• _YOUR ASSIGNMENT_:
Images do not belong in the copy. Retype the entries exactly.

Stored data
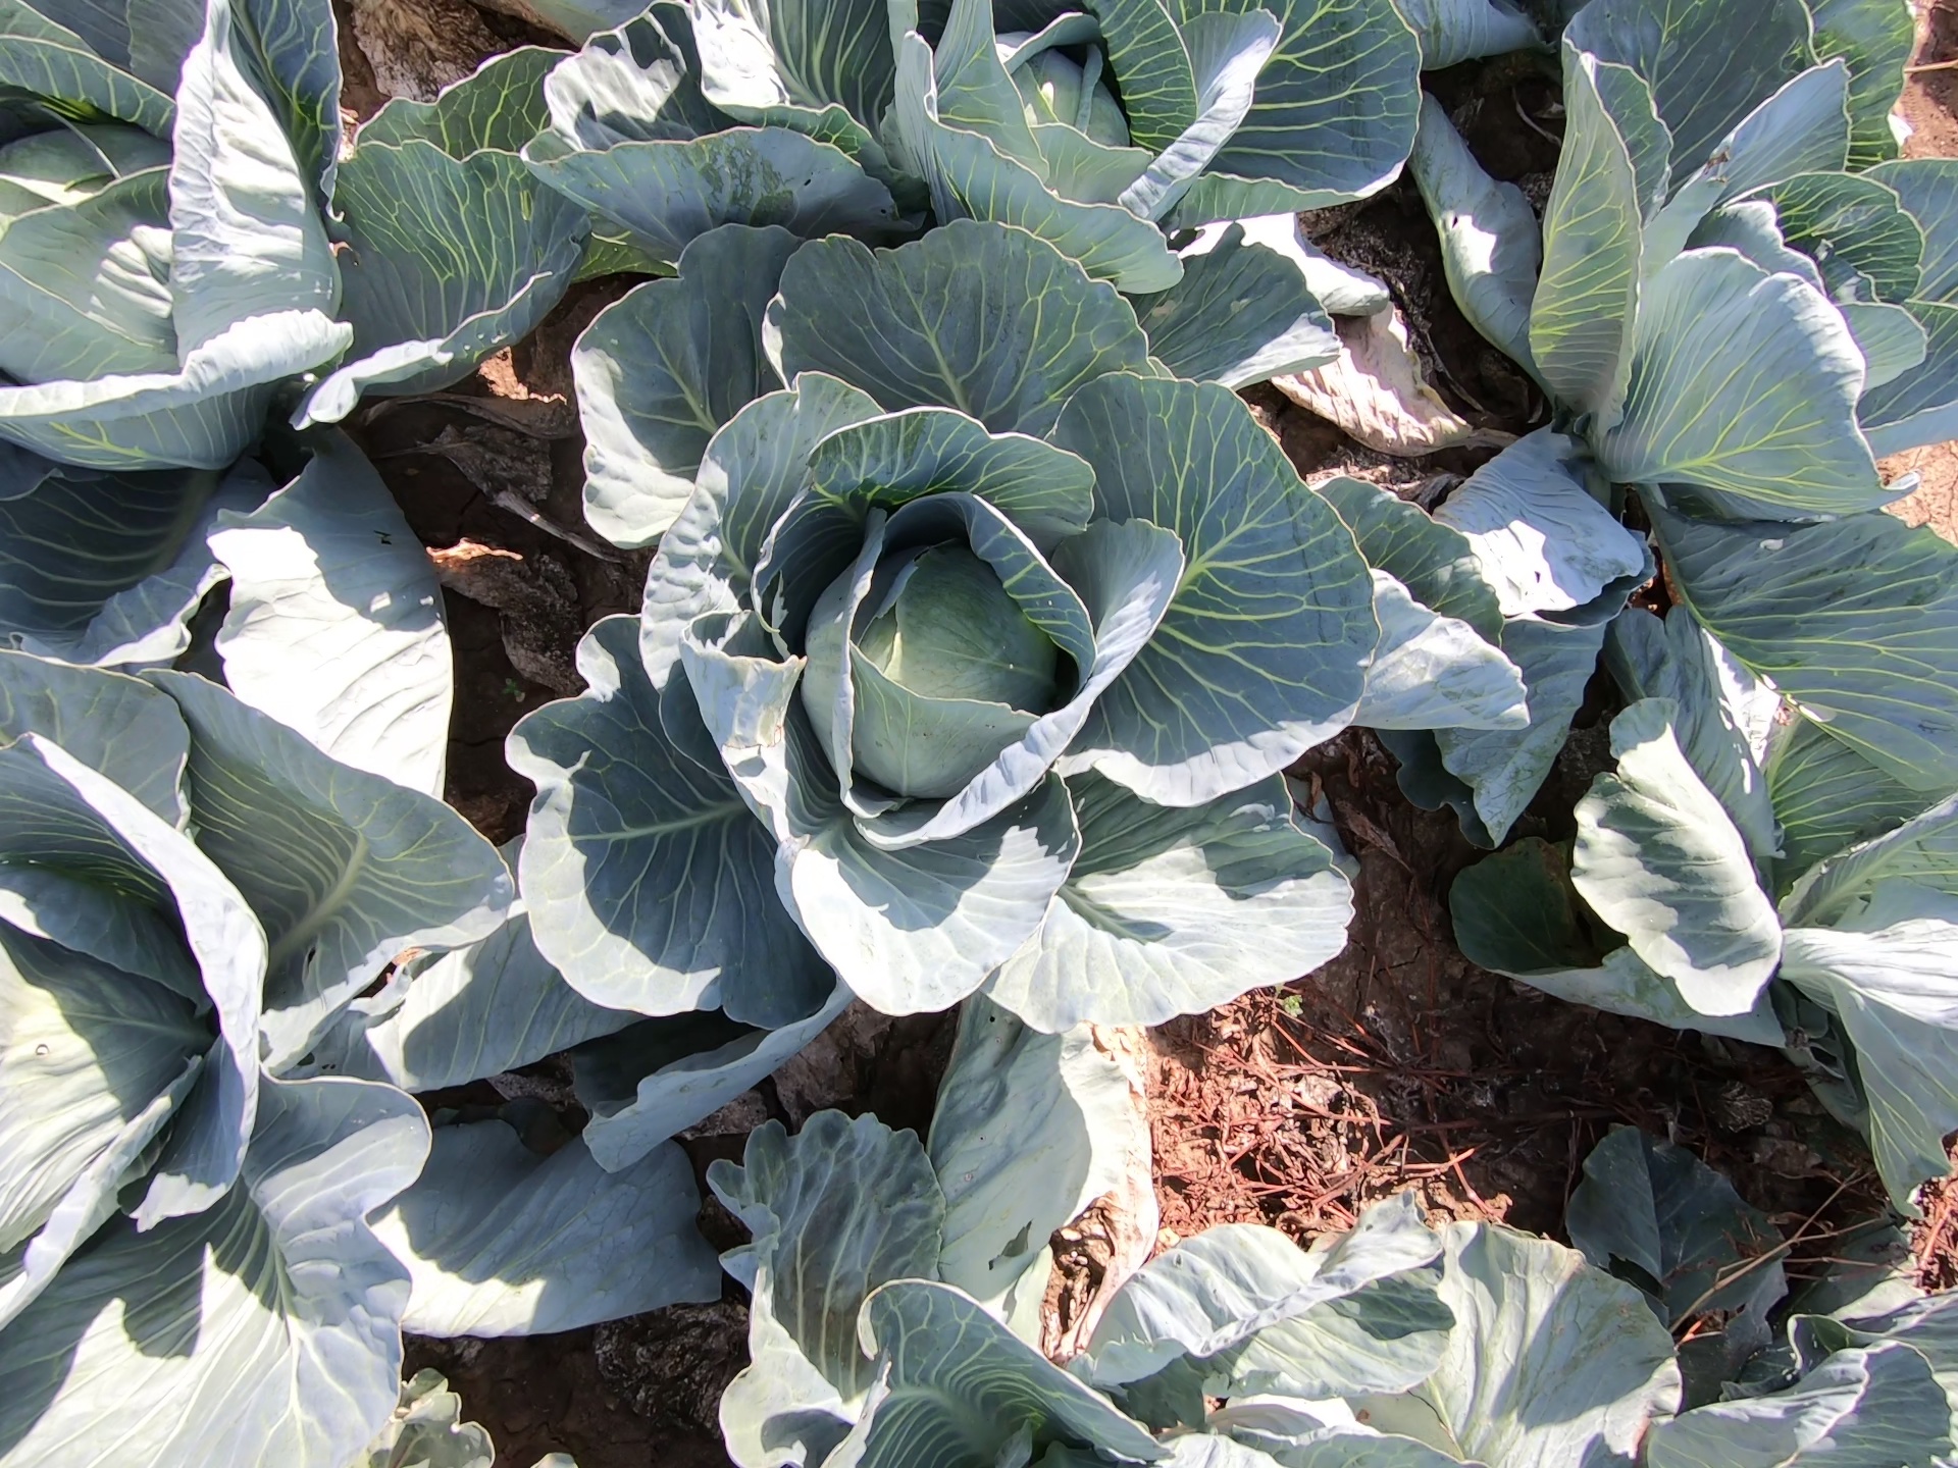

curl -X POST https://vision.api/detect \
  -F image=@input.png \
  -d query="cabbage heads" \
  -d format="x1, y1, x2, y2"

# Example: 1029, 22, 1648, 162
827, 542, 1054, 791
5, 117, 268, 397
3, 946, 183, 1219
960, 40, 1132, 212

• _RESPONSE BOX_:
curl -X POST https://vision.api/detect \
  -F image=@input.png \
  -d query="cabbage heads" \
  -d format="x1, y1, x2, y2"

# Example: 1029, 22, 1648, 162
827, 542, 1054, 791
5, 117, 268, 397
3, 946, 183, 1219
960, 40, 1132, 212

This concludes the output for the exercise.